On March 26, 2019, South Korea’s central bank published 2018 Annual Payment Settlement Report. In the report, the country’s apex bank has given a summary of research it conducted on central bank digital currencies (CBDCs).
Promising Future for Crypto Assets
South Korea is one of the global hotbeds when it comes to cryptocurrencies. The peninsular country is arguably one of the leading crypto-friendly countries not only in Asia but in the world.
South Korea’s apex bank, the Bank of Korea, in its 2018 Annual Payment Settlement Report draws various interesting conclusions regarding CBDCs.
According to the report, the general sentiment among the Korean experts towards crypto assets is quite positive.
The report states that at present, instability and inefficiency are the Achilles Heels for cryptocurrencies. However, the report adds that according to Korean experts, crypto assets have a promising future in the country and could one day see widespread use.
In the report, the authors note that other than enabling transactions between large financial institutions and banks, CBDCs can be used to make micropayments too.
The document identified the ability to track transactions via distributed ledger technology (DLT) as one of the main advantages of CBDC. Further, the authors believe that blockchain-powered CBDCs are significantly more secure for the settlement of payments courtesy of the technology’s characteristic of immutability. This means that once a payment is made it cannot be canceled or altered in the future.
The report, however, notes that CBDCs might not necessarily reduce the time required for the transfer of funds.

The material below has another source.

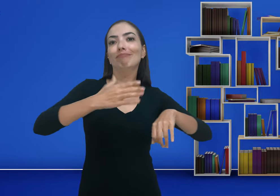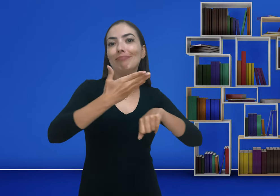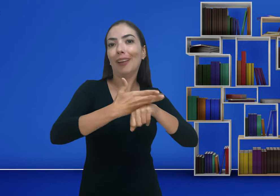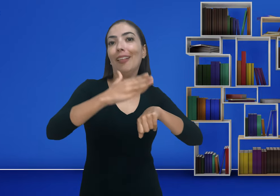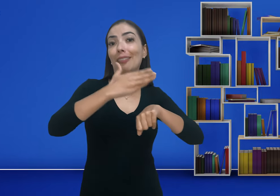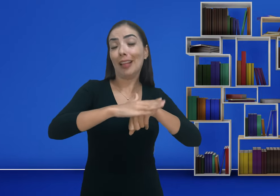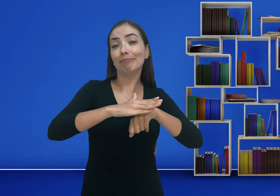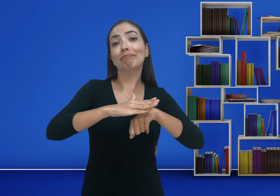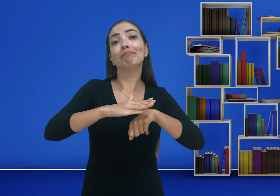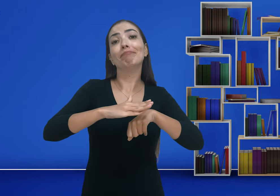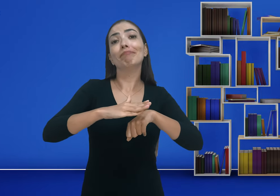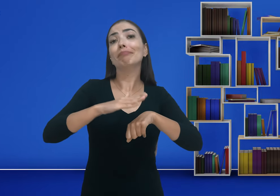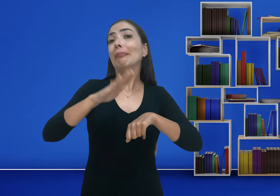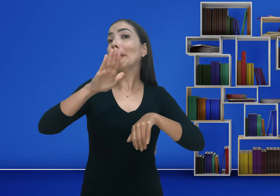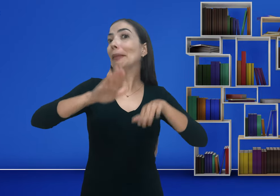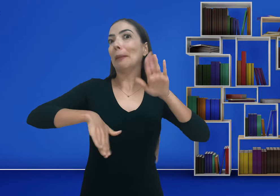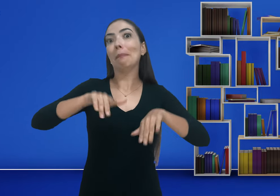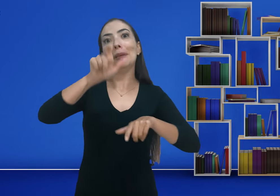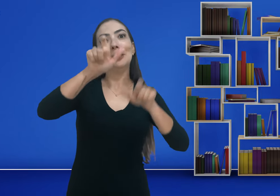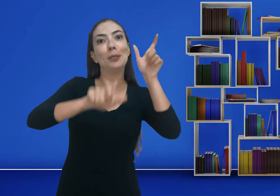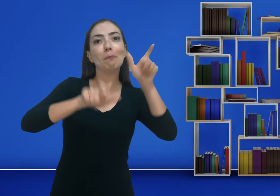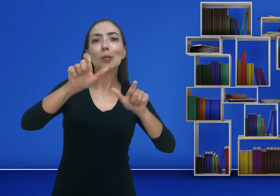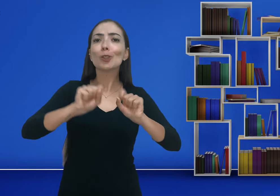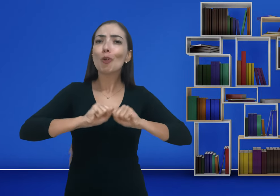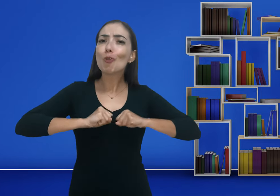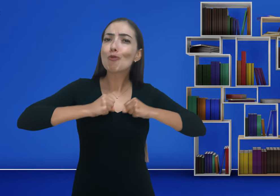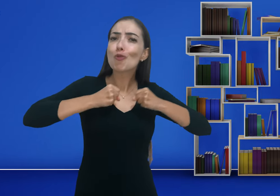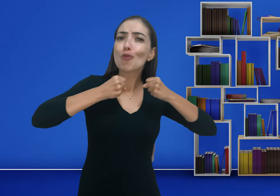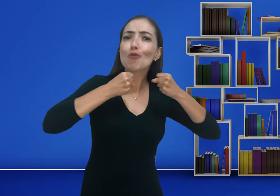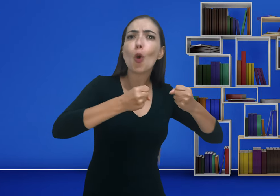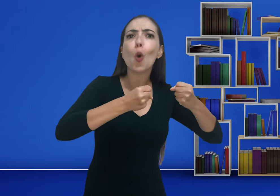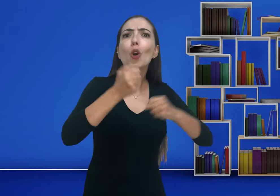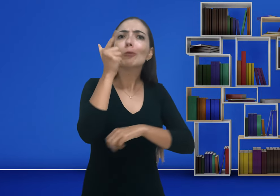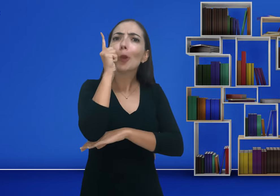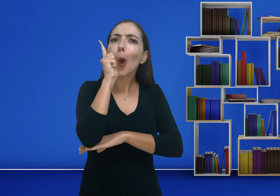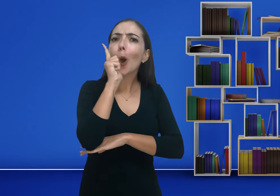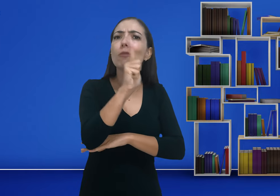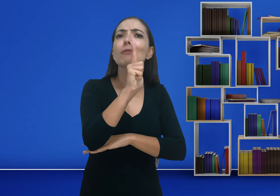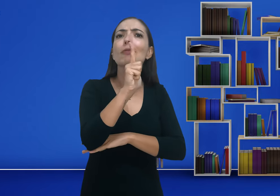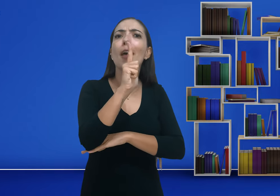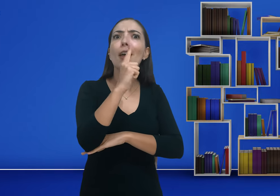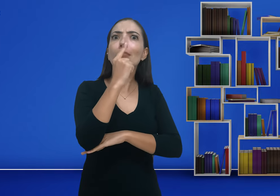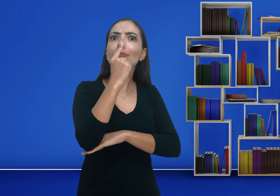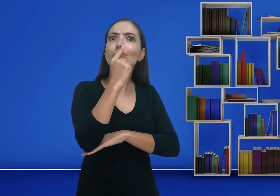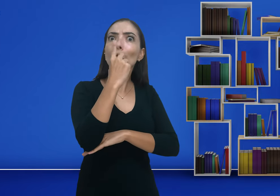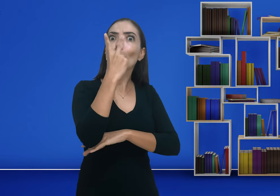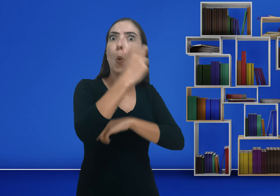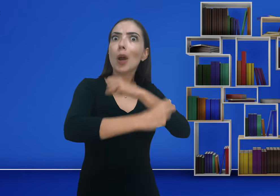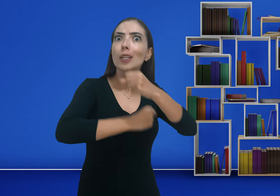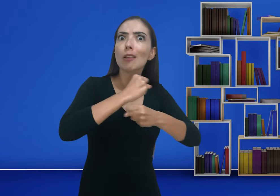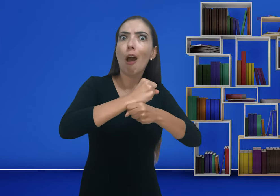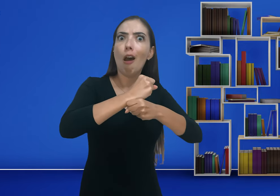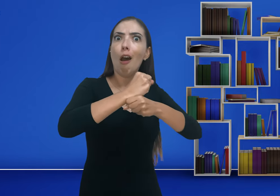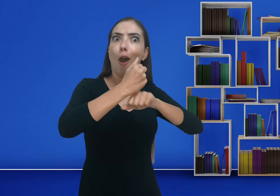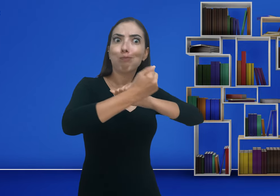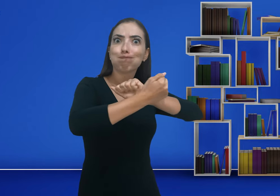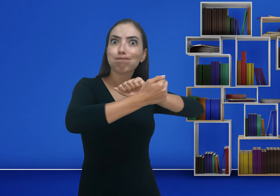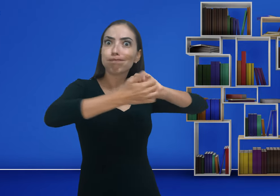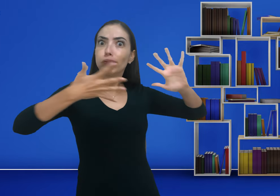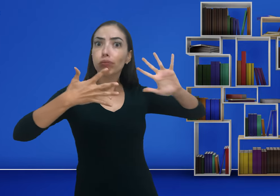o tempo que ele vai estar ali se esforçando para treinar a língua. Às vezes pode

Could CBDCs Replace Commercial Banks?
There have often been speculations about the way CBDCs could impact the functioning of a country at a macro-economic level.
Against that backdrop, the report by the Bank of Korea posits that the issuance of CBDCs could have an impact on the country’s monetary policy and financial stability in that it could weaken the intermediary role played by commercial banks. The report concluded that deposits with banks could run the risk of falling low because a lot of financial institutions would prefer to keep their holdings in the form of CBDCs.
Concluding, the report reiterates the Bank of Korea’s decision to not launch its own CBDC. The bank will, however, continue to research in the field of CBDCs with an aim to reduce the use of cash in the country and keep a close eye on virtual currency trends.
With that said, it remains to be seen what approach other countries follow with regard to CBDC.
As previously reported by BTCManager on November 15, 2018, International Monetary Fund (IMF) Managing Director, Christine Lagarde urged central banks the world over to explore the option of issuing digital currency.
The international organization has also, in the past, been highly supportive of the benefits of blockchain technology.